University of Queensland researchers have found a spread of commonly prescribed antidepressants can increase bacteria’s resistance to antibiotic medications.
A study led by Professor Jianhua Guo from UQ’s Australian Centre for Water and Environmental Biotechnology focused on pharmaceuticals used to treat depressive disorders, anxiety disorders, and other psychological conditions.
Greater than 42 million prescriptions were disbursed for antidepressant medications in Australia in 2021 and the study investigated bacterial exposure to 5 of probably the most common drugs – sertraline (Zoloft), escitalopram (Lexapro), bupropion (Welbutrin), duloxetine (Cymbalta) and agomelatine (Valdoxan).

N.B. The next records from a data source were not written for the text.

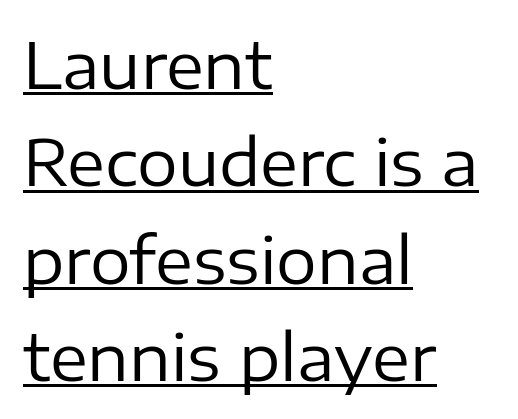
The image shows 64 px regular-weight sans-serif type, upright; set left-aligned, normal line spacing (1.52x), normal letter spacing, underlined; low stroke contrast and a medium x-height.
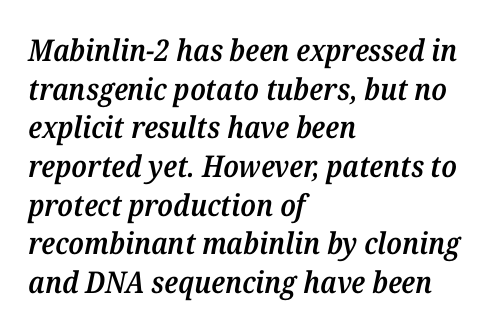
Every row of glyphs begins at an identical x-position on the left. I'd call this a serif setting — the letters wear small feet. Looking at the ascenders, they clearly lean. Interline gaps are of average width in this sample. Characters follow at the spacing the type designer built in.
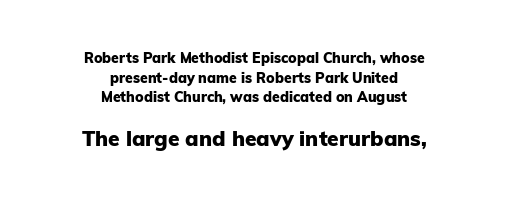
Q: Is the text bold? A: Yes.
Q: Is the text italic (slanted)? A: No, it is upright.
Q: Is the text underlined? A: No.
Q: How is the paragraph aligned? A: Centered.
Q: Is the spacing between letters normal or unusually wide? A: Normal.
Q: Is the spacing between lines tight, normal or loose? A: Normal.
Q: Which block of text is set in a larger size, the first (top) or the second (bottom)? A: The second (bottom) one.
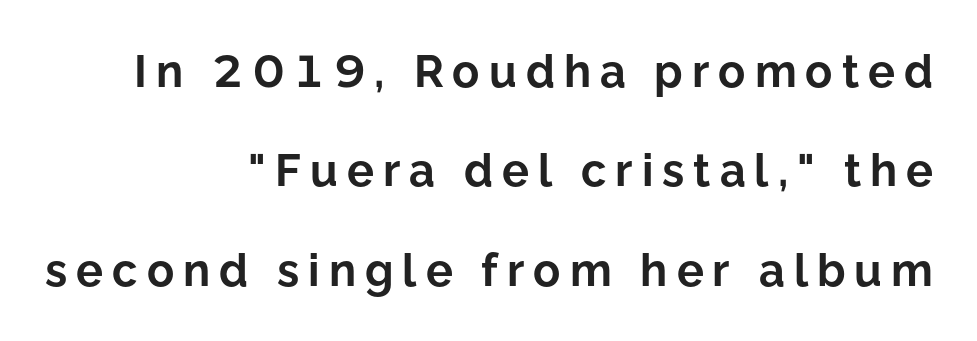
{"serif": "no", "italic": "no", "bold": "yes", "weight": "bold", "width": "normal", "stroke_contrast": "low", "x_height": "medium", "monospaced": "no", "underline": "no", "align": "right", "line_spacing": "loose", "line_spacing_ratio": 2.21, "letter_spacing": "wide", "letter_spacing_em": 0.2, "glyph_px": 45}
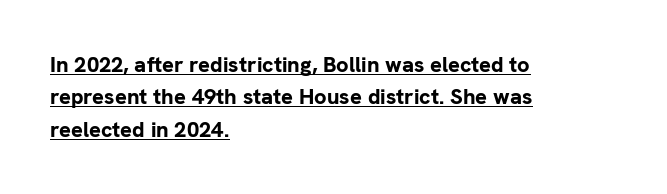
The image shows 22 px bold type, upright; set left-aligned, normal line spacing (1.47x), normal letter spacing, underlined.

While the overuse of antibiotics is acknowledged as the key driver of bacterial resistance, we wanted to analyze if other common medications were contributing to the issue.
Sertraline, duloxetine and fluoxetine had the strongest impact on bacterial resistance to antibiotics among the many drugs we tested.
Our study showed a marked increase in antibiotic resistance from those three, even at very low doses.
Notably, the antibiotic resistance appears to be antidepressant-dependent, which could also be as a consequence of oxidative stress in bacteria posed by antidepressants.
Further studies need to judge the potential effects on the microbiomes of individuals given antidepressants and assess their risk gastrointestinal disturbances or diseases.”
Professor Jianhua Guo from UQ’s Australian Centre for Water and Environmental Biotechnology
It’s estimated 1.27 million people die every 12 months from infections which don’t reply to medication and the figure is predicted to achieve 10 million by 2050 unless global motion is taken.
The study is published in Proceedings of the National Academy of Sciences (PNAS) and was funded by the Australian Research Council Discovery Project, and the UQ Foundation Research Excellence Awards.
Source:
The University of Queensland
Journal reference:
Wang, Y., et al. (2023) Antidepressants can induce mutation and enhance persistence toward multiple antibiotics. PNAS. doi.org/10.1073/pnas.2208344120.